Nice job.. do the hills look like that or is the painting tilted?


----------



## karliejaye

Sections of the hills really do look like that. Here's a photo (yes this is a photo, credits to Mike Putnam):


----------



## Bushcraftonfire

I'm confused.. are Oregon and Karlie the same person?


----------



## Oregon Artist

Bushcraftonfire said:


> I'm confused.. are Oregon and Karlie the same person?



Nope! My real name is Patrick.


----------



## Liz

I love the Haystack Rock painting. You did such a wonderful job depicting the water!!


----------



## Sorin

I like the water also.


----------



## karliejaye

Sorry, didn't mean to step on toes. I am not Oregon Artist, but I am also from Oregon and live near the Painted Hills and felt compelled to chime in.


----------



## Oregon Artist

karliejaye said:


> Sorry, didn't mean to step on toes. I am not Oregon Artist, but I am also from Oregon and live near the Painted Hills and felt compelled to chime in.
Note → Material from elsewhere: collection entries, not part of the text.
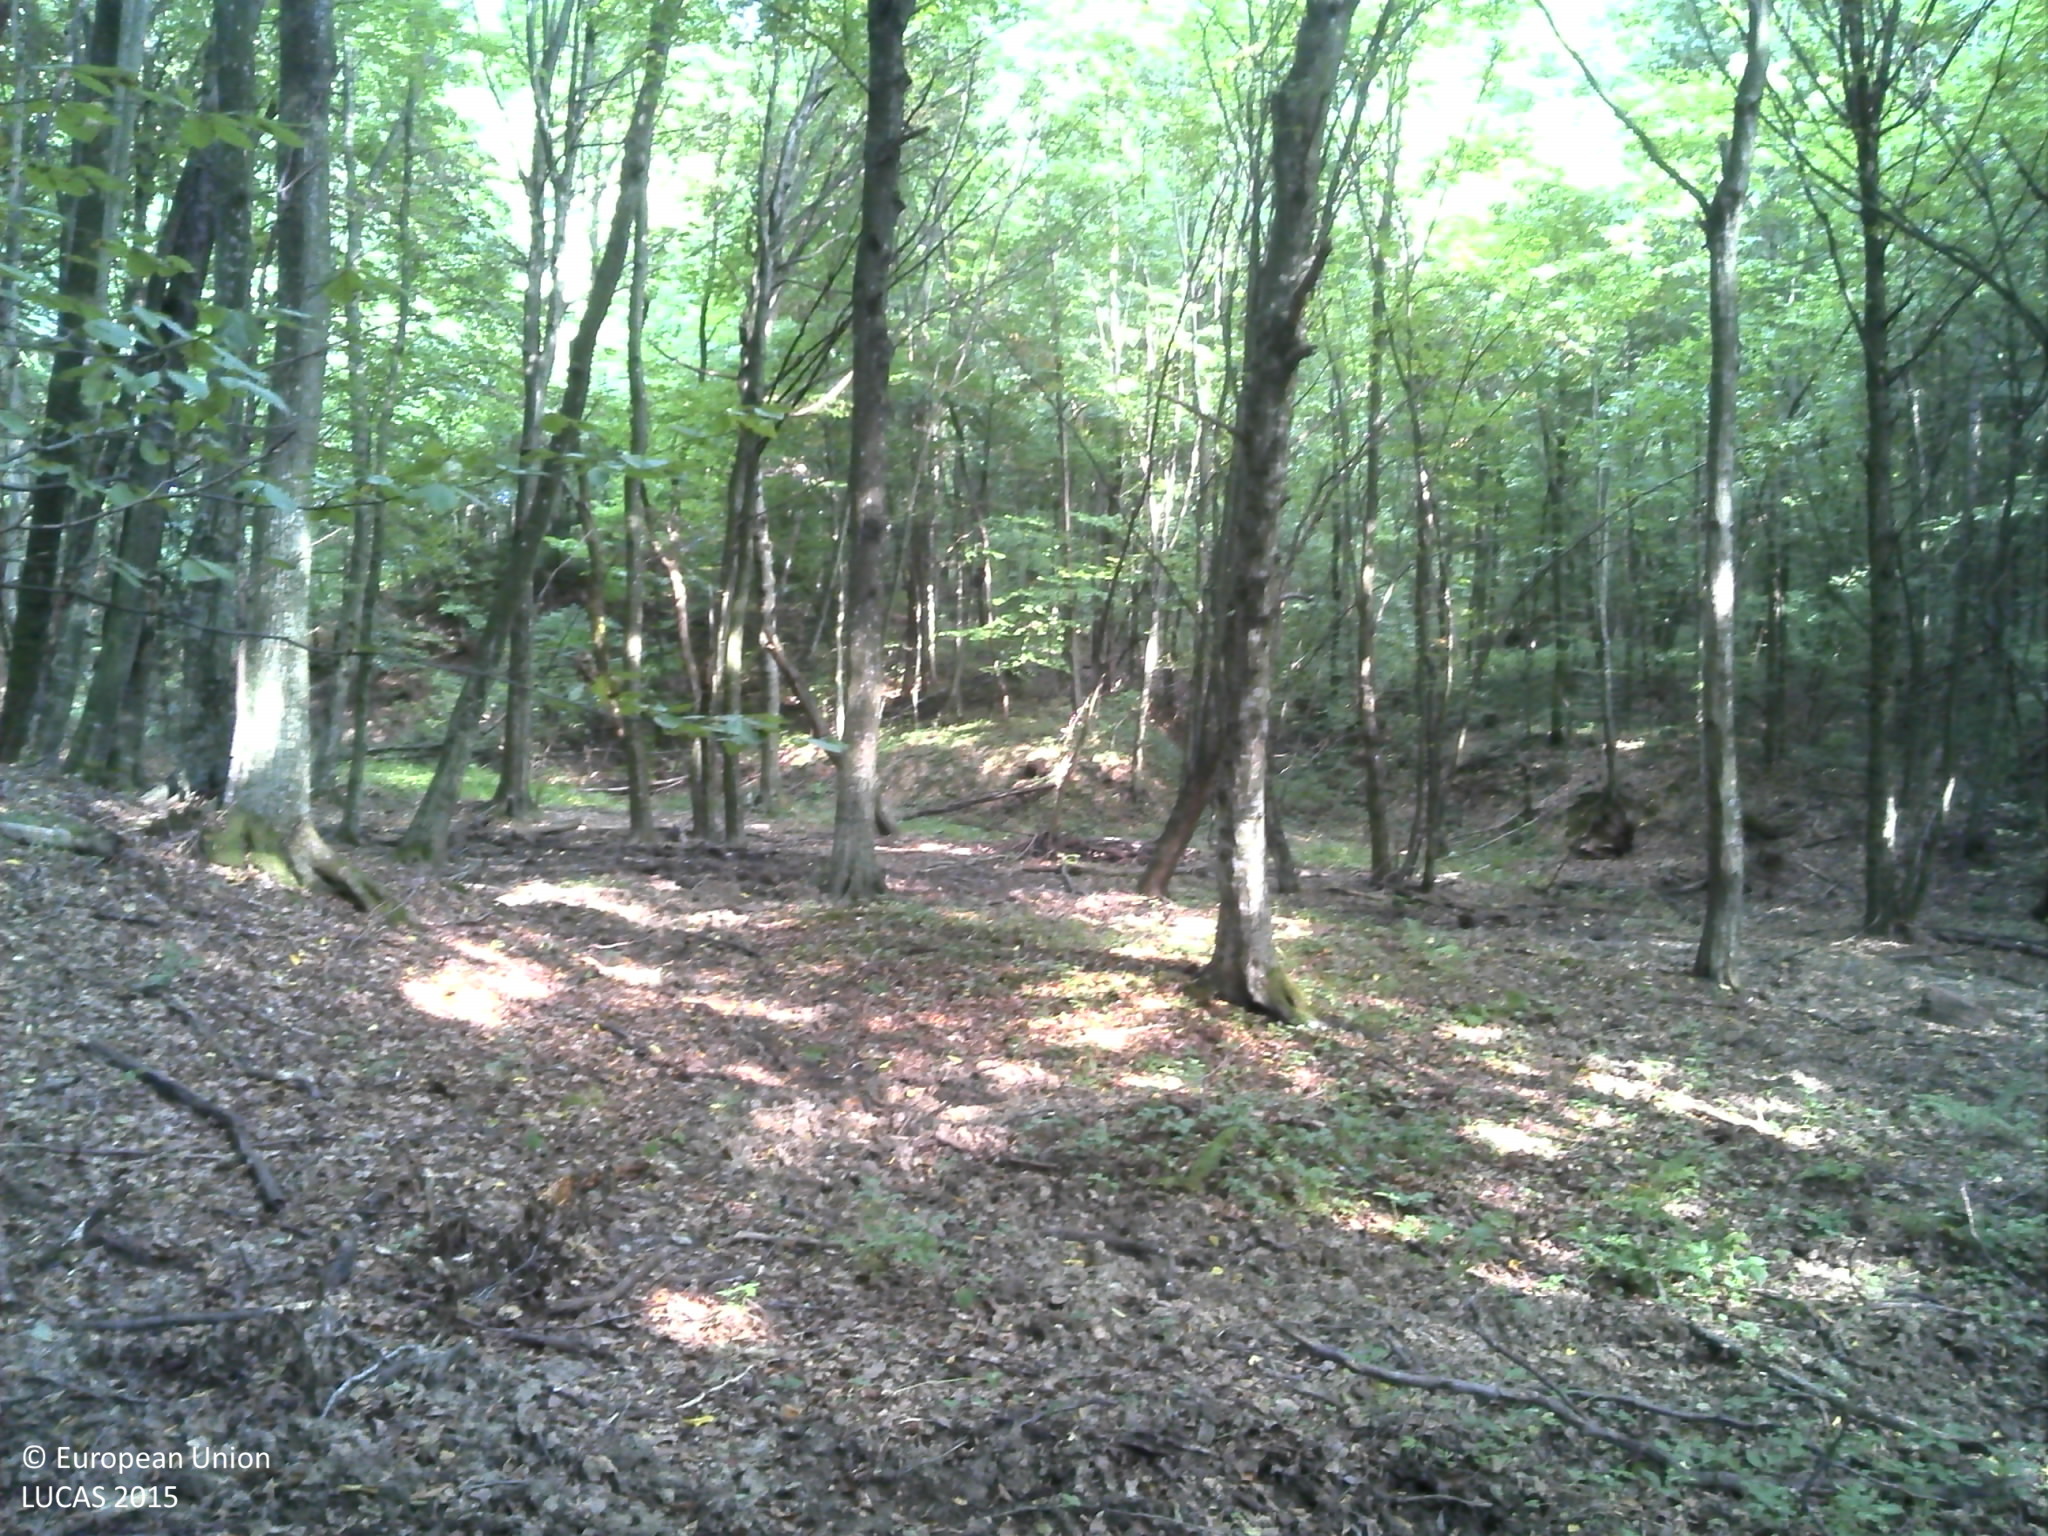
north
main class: Woodland
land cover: Broadleaved woodland
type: acidophilous oak and oak-birch forest
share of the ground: > 75 %
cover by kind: broadleaved forest trees 100 %
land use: Forestry
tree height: > 5 m
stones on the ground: < 10 %
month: September
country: HR
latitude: 45.7353
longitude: 16.5403

My toes are fine Have you been to Newbury Craters? The obsidian flow is amazing. I have been working on a Smith Rocks painting for a year but can't get it right..


----------



## karliejaye

Oregon Artist said:


> My toes are fine Have you been to Newbury Craters? The obsidian flow is amazing. I have been working on a Smith Rocks painting for a year but can't get it right..


I have been to Newberry! In the early morning light it is absolute magic there! And I can't wait to see some of your Smith Rock work! I live across the highway from there and have a view of it out my living room window. 

Oregon has such amazing scenery end to end, doesn't it!?


----------



## ErnstG

Very nice - the rock in the water is my favorite!

Ernst


----------



## Oregon Artist

karliejaye said:


> I have been to Newberry! In the early morning light it is absolute magic there! And I can't wait to see some of your Smith Rock work! I live across the highway from there and have a view of it out my living room window.
> 
> Oregon has such amazing scenery end to end, doesn't it!?


I took a Volcano and Earthquake class at my local CC did you know Smith Rocks are the ash flow from newberry? That's 30 miles away!


----------